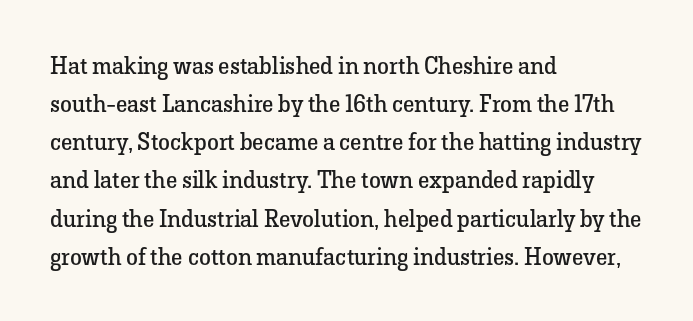
The image shows 24 px text type, upright; set left-aligned, normal line spacing (1.59x), normal letter spacing, not underlined.
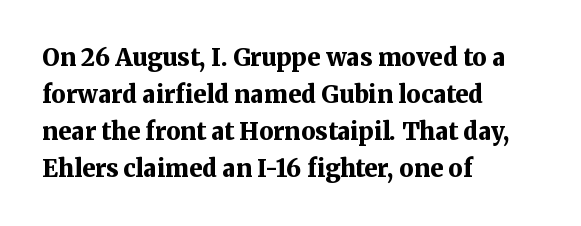
The image shows 24 px bold type, upright; set left-aligned, normal line spacing (1.54x), normal letter spacing, not underlined.
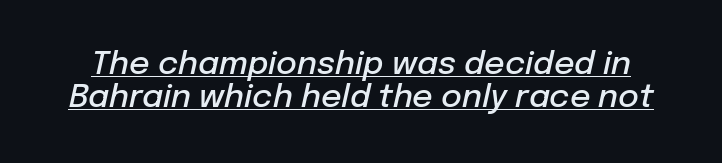
Q: Is the text bold? A: Semi-bold.
Q: Is the text italic (slanted)? A: Yes, it leans right by about 12 degrees.
Q: Is the text underlined? A: Yes.
Q: Is the spacing between letters normal or unusually wide? A: Normal.
Q: Is the spacing between lines tight, normal or loose? A: Tight.
Q: Width (condensed, normal, or wide)? A: Normal.
Q: Stroke contrast? A: Low.
Q: x-height? A: Medium.
Q: Monospaced? A: No.
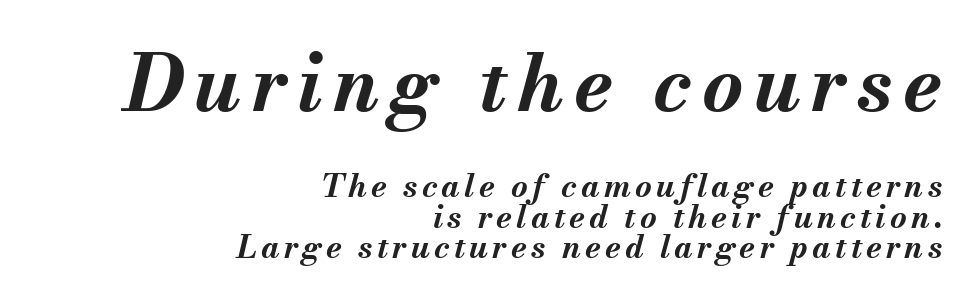
Bigger letters appear in the top chunk; the bottom chunk is reduced. No word sits above an underline. Chunky letters — that's bold for sure. Very little white space separates one row of letters from the next.
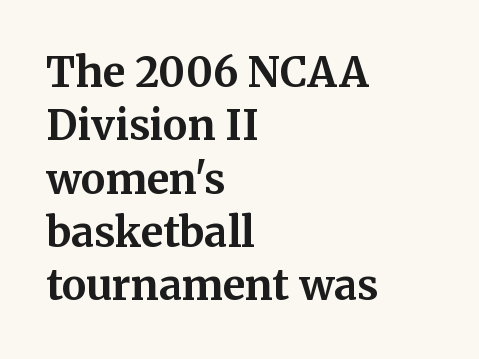
{"serif": "yes", "italic": "no", "bold": "yes", "weight": "bold", "width": "normal", "stroke_contrast": "medium", "x_height": "medium", "monospaced": "no", "underline": "no", "align": "left", "line_spacing": "normal", "line_spacing_ratio": 1.3, "letter_spacing": "normal", "letter_spacing_em": 0.0, "glyph_px": 41}
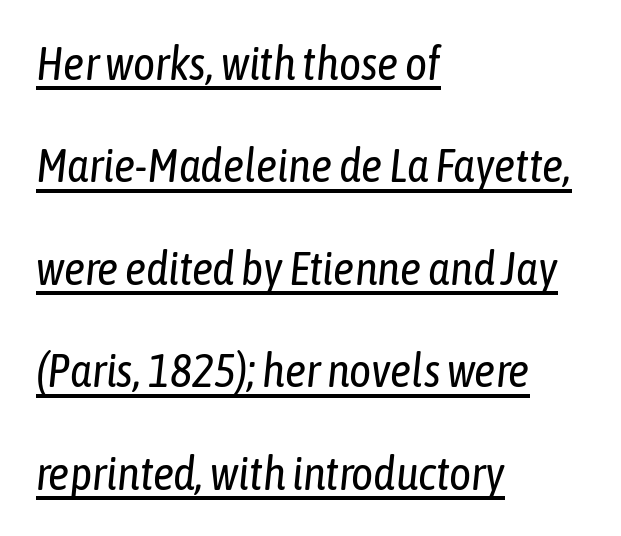
Q: Is the text bold? A: No.
Q: Is the text italic (slanted)? A: Yes, it leans right by about 6 degrees.
Q: Is the text underlined? A: Yes.
Q: How is the paragraph aligned? A: Left-aligned.
Q: Is the spacing between letters normal or unusually wide? A: Normal.
Q: Is the spacing between lines tight, normal or loose? A: Loose.
Q: Width (condensed, normal, or wide)? A: Condensed.
Q: Stroke contrast? A: Low.
Q: x-height? A: Medium.
Q: Monospaced? A: No.
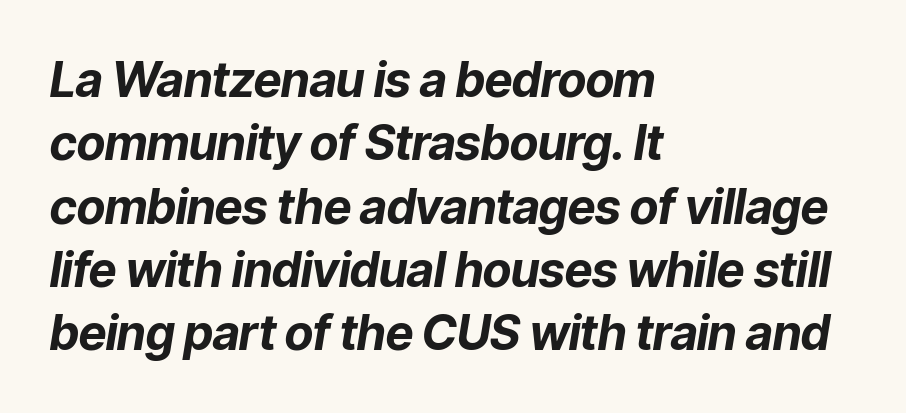
The image shows 48 px bold type, italic (leaning right); set left-aligned, normal line spacing (1.32x), normal letter spacing, not underlined; low stroke contrast and a medium x-height.
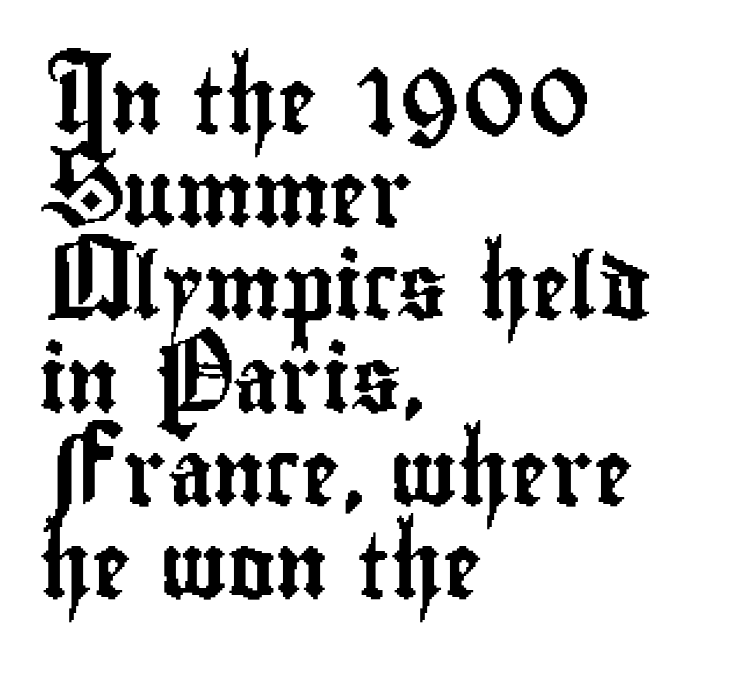
Q: Is the text italic (slanted)? A: No, it is upright.
Q: Is the typeface a serif or a sans-serif typeface? A: Sans-serif.
Q: Is the text underlined? A: No.
Q: How is the paragraph aligned? A: Left-aligned.
Q: Is the spacing between letters normal or unusually wide? A: Normal.
Q: Is the spacing between lines tight, normal or loose? A: Normal.
Q: Width (condensed, normal, or wide)? A: Condensed.
Q: Stroke contrast? A: Low.
Q: x-height? A: Small.
Q: Monospaced? A: No.
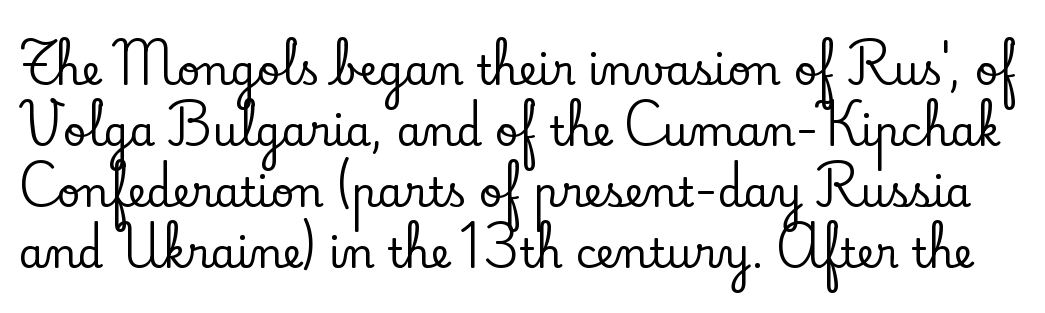
The image shows 41 px serif type, upright; set normal line spacing (1.49x), normal letter spacing, not underlined; low stroke contrast and a small x-height.
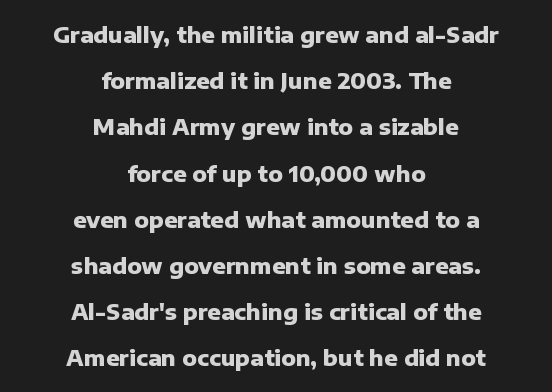
Q: Is the text bold? A: Yes.
Q: Is the text italic (slanted)? A: No, it is upright.
Q: Is the text underlined? A: No.
Q: How is the paragraph aligned? A: Centered.
Q: Is the spacing between letters normal or unusually wide? A: Normal.
Q: Is the spacing between lines tight, normal or loose? A: Loose.
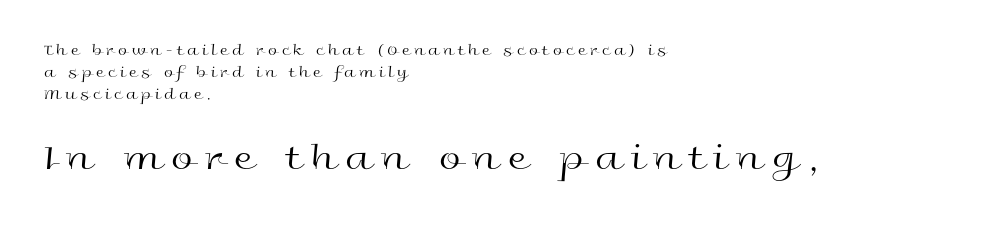
The image shows 39 px regular-weight, wide sans-serif type, upright; set left-aligned, normal line spacing (1.39x), unusually wide letter spacing (+0.26 em), not underlined; the second (bottom) block is 2.44x larger; a medium x-height.
------------------------------------------------------------------------
* **WHAT TO PRODUCE**: Print every line of the material exactly as written, but drop the pictures.

* **RESULT BELOW**:
The image shows 24 px text type, upright; set left-aligned, normal line spacing (1.59x), normal letter spacing, not underlined.
The image shows 24 px bold type, upright; set left-aligned, normal line spacing (1.54x), normal letter spacing, not underlined.
Q: Is the text bold? A: Semi-bold.
Q: Is the text italic (slanted)? A: Yes, it leans right by about 12 degrees.
Q: Is the text underlined? A: Yes.
Q: Is the spacing between letters normal or unusually wide? A: Normal.
Q: Is the spacing between lines tight, normal or loose? A: Tight.
Q: Width (condensed, normal, or wide)? A: Normal.
Q: Stroke contrast? A: Low.
Q: x-height? A: Medium.
Q: Monospaced? A: No.
Bigger letters appear in the top chunk; the bottom chunk is reduced. No word sits above an underline. Chunky letters — that's bold for sure. Very little white space separates one row of letters from the next.
{"serif": "yes", "italic": "no", "bold": "yes", "weight": "bold", "width": "normal", "stroke_contrast": "medium", "x_height": "medium", "monospaced": "no", "underline": "no", "align": "left", "line_spacing": "normal", "line_spacing_ratio": 1.3, "letter_spacing": "normal", "letter_spacing_em": 0.0, "glyph_px": 41}
Q: Is the text bold? A: No.
Q: Is the text italic (slanted)? A: Yes, it leans right by about 6 degrees.
Q: Is the text underlined? A: Yes.
Q: How is the paragraph aligned? A: Left-aligned.
Q: Is the spacing between letters normal or unusually wide? A: Normal.
Q: Is the spacing between lines tight, normal or loose? A: Loose.
Q: Width (condensed, normal, or wide)? A: Condensed.
Q: Stroke contrast? A: Low.
Q: x-height? A: Medium.
Q: Monospaced? A: No.
The image shows 48 px bold type, italic (leaning right); set left-aligned, normal line spacing (1.32x), normal letter spacing, not underlined; low stroke contrast and a medium x-height.
Q: Is the text italic (slanted)? A: No, it is upright.
Q: Is the typeface a serif or a sans-serif typeface? A: Sans-serif.
Q: Is the text underlined? A: No.
Q: How is the paragraph aligned? A: Left-aligned.
Q: Is the spacing between letters normal or unusually wide? A: Normal.
Q: Is the spacing between lines tight, normal or loose? A: Normal.
Q: Width (condensed, normal, or wide)? A: Condensed.
Q: Stroke contrast? A: Low.
Q: x-height? A: Small.
Q: Monospaced? A: No.
The image shows 41 px serif type, upright; set normal line spacing (1.49x), normal letter spacing, not underlined; low stroke contrast and a small x-height.
Q: Is the text bold? A: Yes.
Q: Is the text italic (slanted)? A: No, it is upright.
Q: Is the text underlined? A: No.
Q: How is the paragraph aligned? A: Centered.
Q: Is the spacing between letters normal or unusually wide? A: Normal.
Q: Is the spacing between lines tight, normal or loose? A: Loose.
The image shows 39 px regular-weight, wide sans-serif type, upright; set left-aligned, normal line spacing (1.39x), unusually wide letter spacing (+0.26 em), not underlined; the second (bottom) block is 2.44x larger; a medium x-height.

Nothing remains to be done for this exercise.